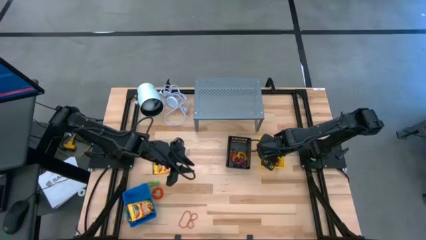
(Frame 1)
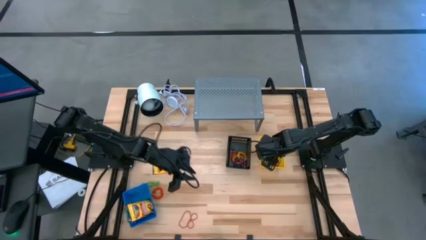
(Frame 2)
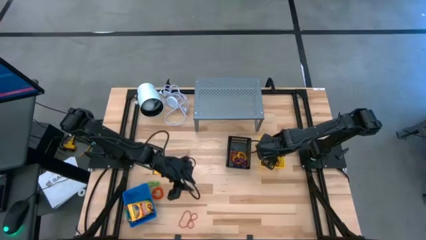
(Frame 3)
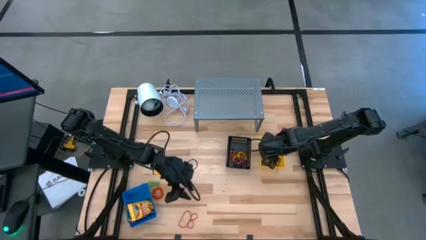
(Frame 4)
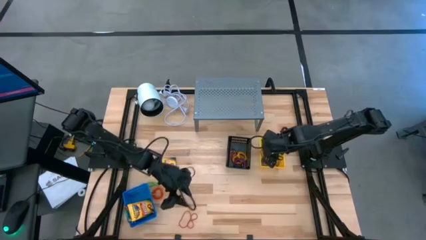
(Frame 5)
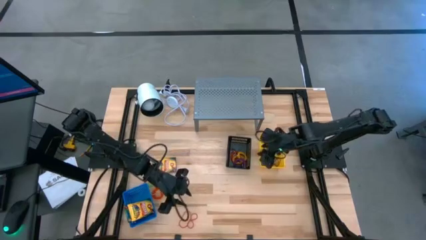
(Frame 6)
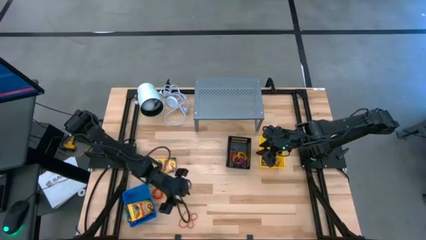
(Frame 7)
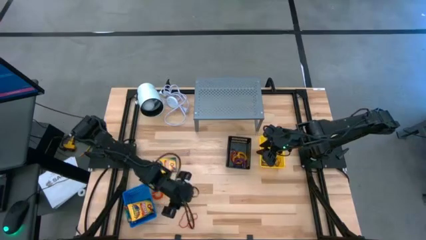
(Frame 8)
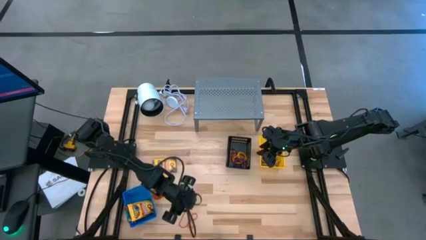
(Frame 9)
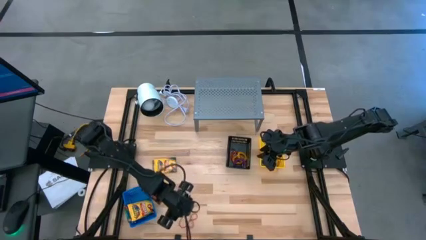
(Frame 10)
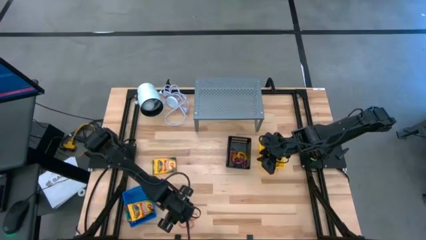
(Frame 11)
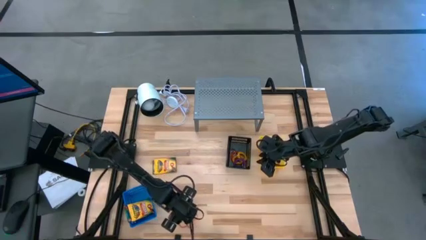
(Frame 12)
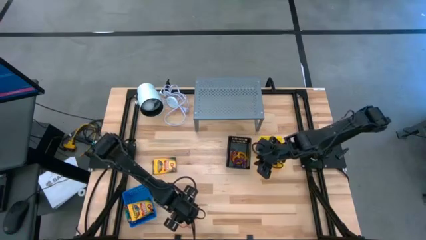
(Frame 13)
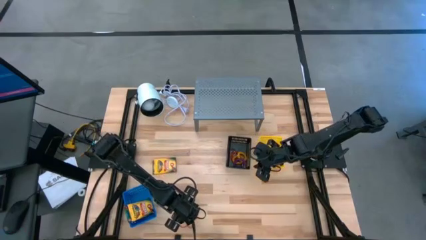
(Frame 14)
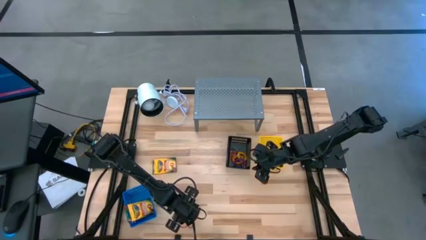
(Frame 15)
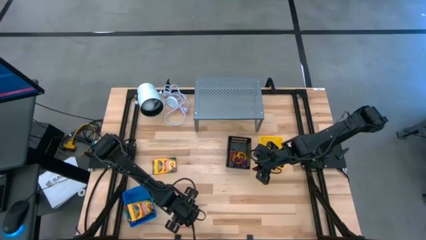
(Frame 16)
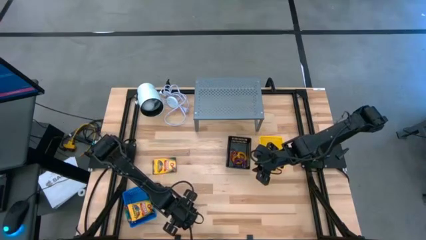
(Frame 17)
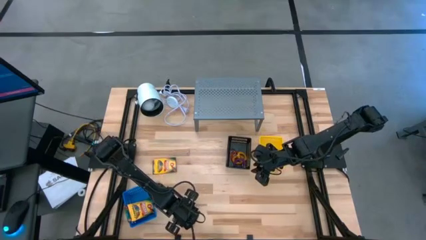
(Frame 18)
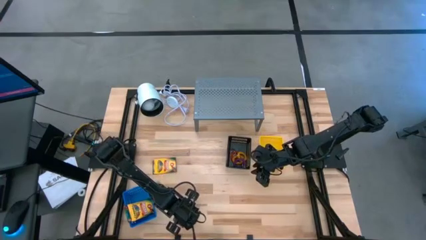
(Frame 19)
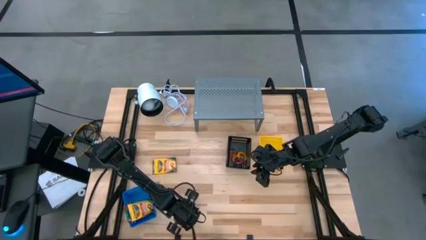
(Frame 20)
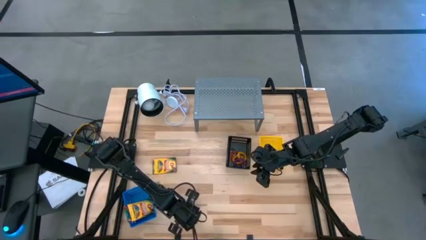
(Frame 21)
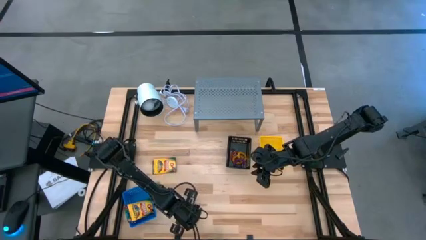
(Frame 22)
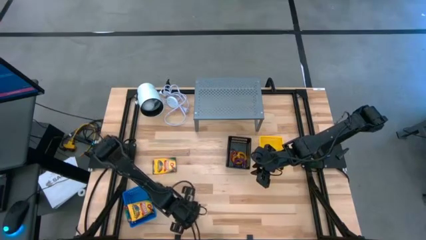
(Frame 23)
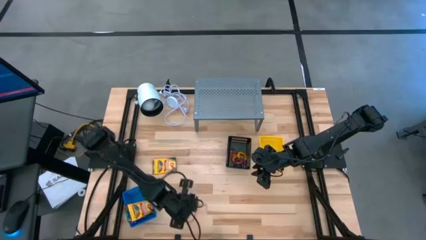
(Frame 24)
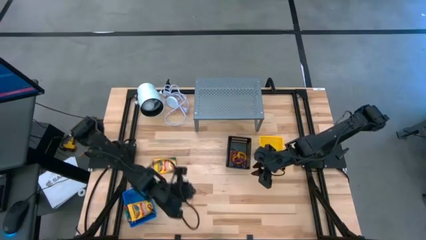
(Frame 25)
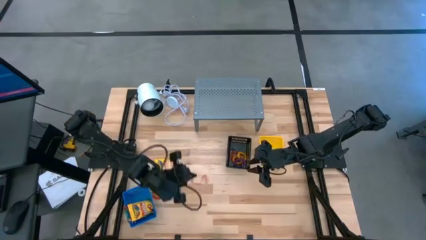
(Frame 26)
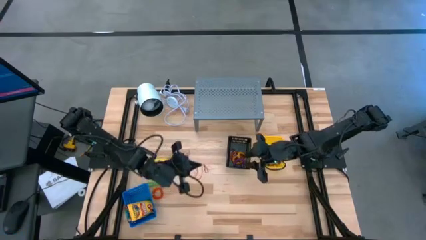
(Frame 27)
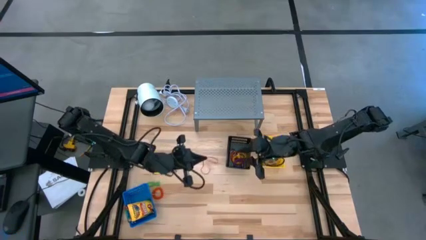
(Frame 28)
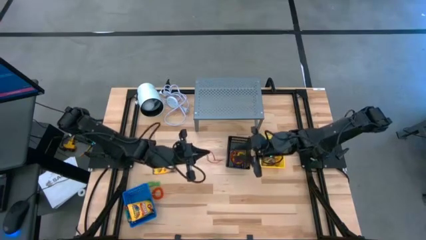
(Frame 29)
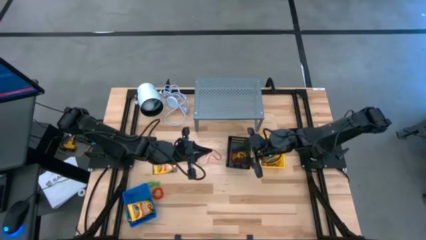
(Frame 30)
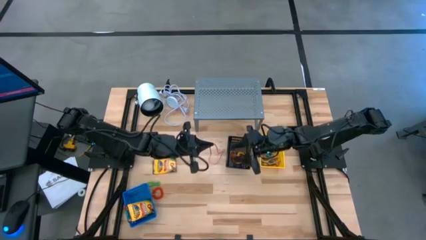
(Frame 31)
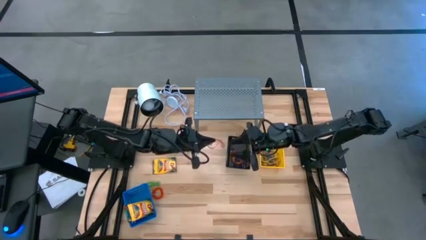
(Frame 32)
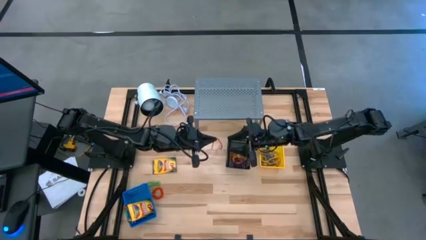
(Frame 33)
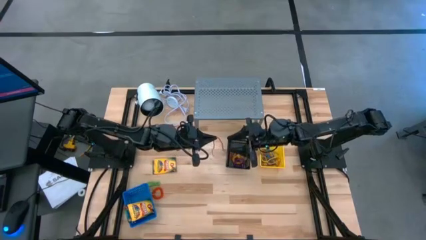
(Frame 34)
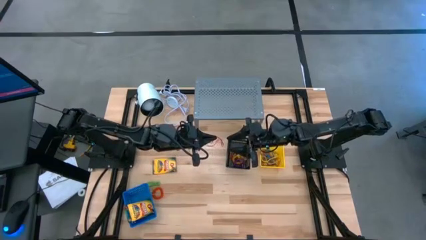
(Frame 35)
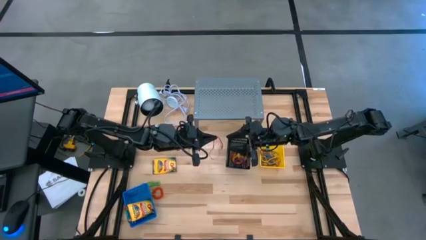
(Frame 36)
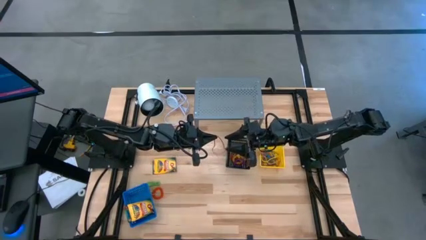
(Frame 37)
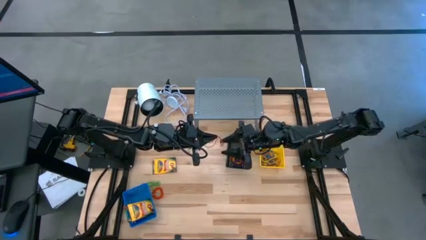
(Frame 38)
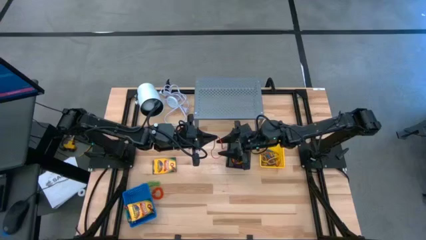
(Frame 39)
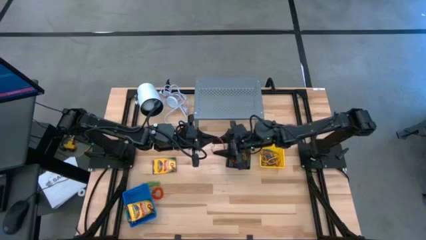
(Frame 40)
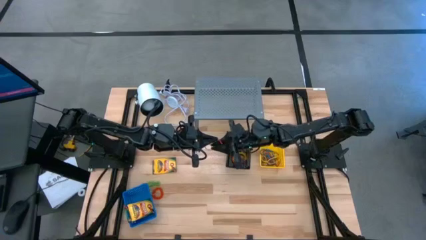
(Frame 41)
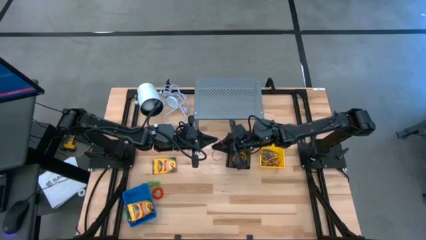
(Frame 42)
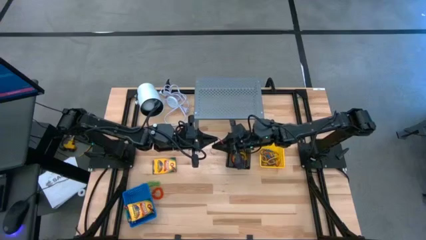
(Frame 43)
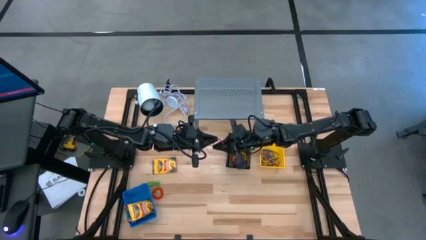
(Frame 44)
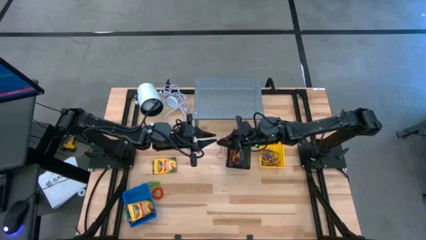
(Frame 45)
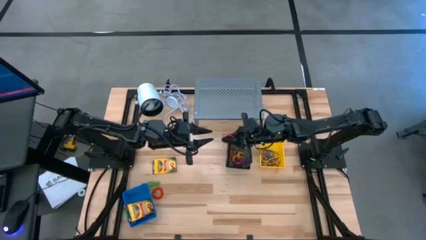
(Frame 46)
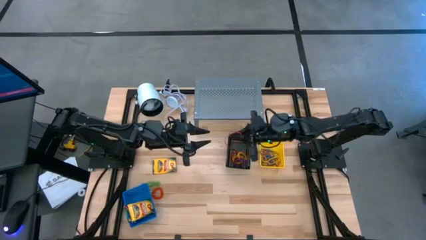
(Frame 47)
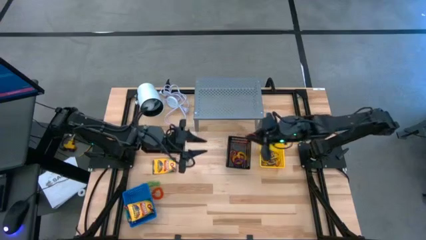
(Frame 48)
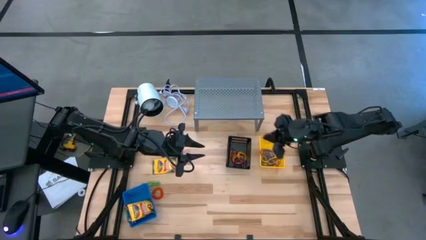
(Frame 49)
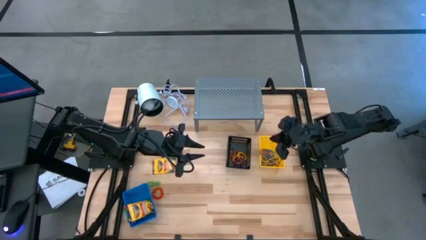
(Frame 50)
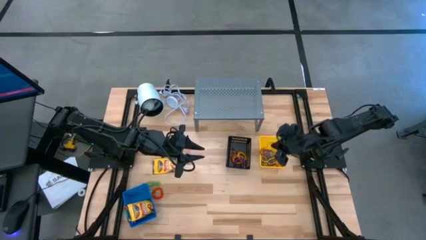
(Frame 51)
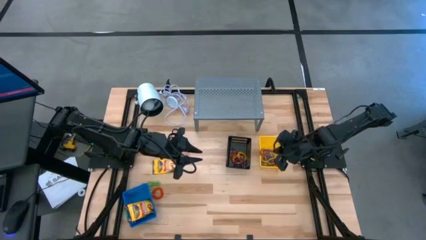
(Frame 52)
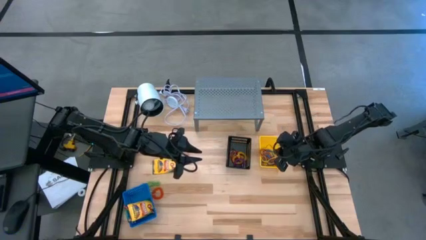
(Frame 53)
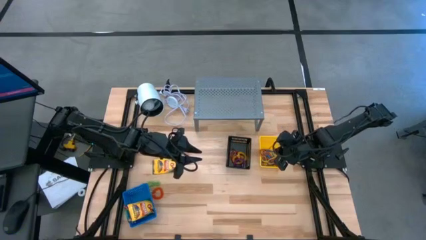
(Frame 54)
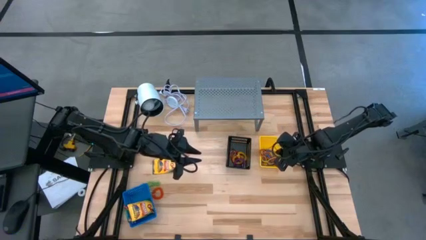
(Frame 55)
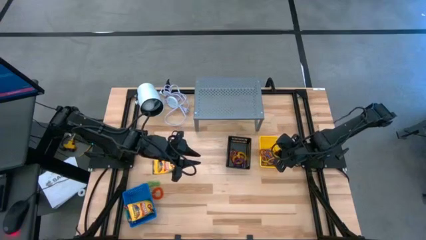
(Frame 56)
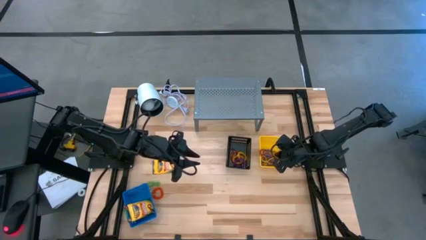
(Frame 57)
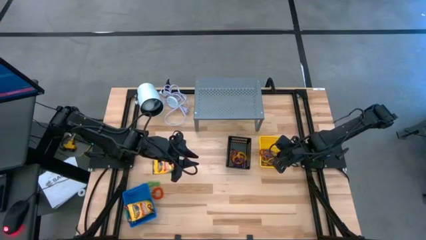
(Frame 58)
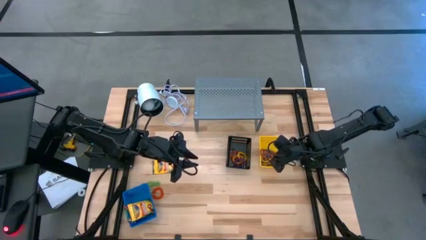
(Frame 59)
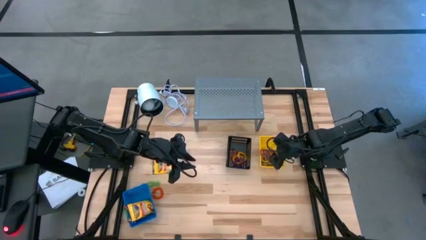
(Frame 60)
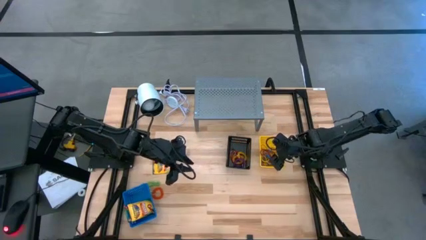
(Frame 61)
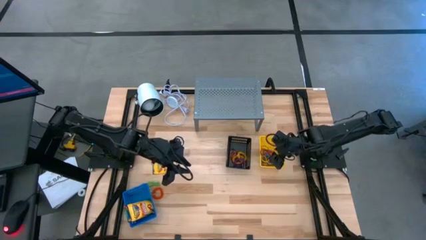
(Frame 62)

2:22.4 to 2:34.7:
Task: Pick & Place Office Desk Supplies
Put the red rubber band into the yellow basket

==============================

*Goal of the exercise*:
Return the full listing above exactly as written, and omit the pictures.

*Solution below*:
(Frame 1)
(Frame 2)
(Frame 3)
(Frame 4)
(Frame 5)
(Frame 6)
(Frame 7)
(Frame 8)
(Frame 9)
(Frame 10)
(Frame 11)
(Frame 12)
(Frame 13)
(Frame 14)
(Frame 15)
(Frame 16)
(Frame 17)
(Frame 18)
(Frame 19)
(Frame 20)
(Frame 21)
(Frame 22)
(Frame 23)
(Frame 24)
(Frame 25)
(Frame 26)
(Frame 27)
(Frame 28)
(Frame 29)
(Frame 30)
(Frame 31)
(Frame 32)
(Frame 33)
(Frame 34)
(Frame 35)
(Frame 36)
(Frame 37)
(Frame 38)
(Frame 39)
(Frame 40)
(Frame 41)
(Frame 42)
(Frame 43)
(Frame 44)
(Frame 45)
(Frame 46)
(Frame 47)
(Frame 48)
(Frame 49)
(Frame 50)
(Frame 51)
(Frame 52)
(Frame 53)
(Frame 54)
(Frame 55)
(Frame 56)
(Frame 57)
(Frame 58)
(Frame 59)
(Frame 60)
(Frame 61)
(Frame 62)

2:22.4 to 2:34.7:
Task: Pick & Place Office Desk Supplies
Put the red rubber band into the yellow basket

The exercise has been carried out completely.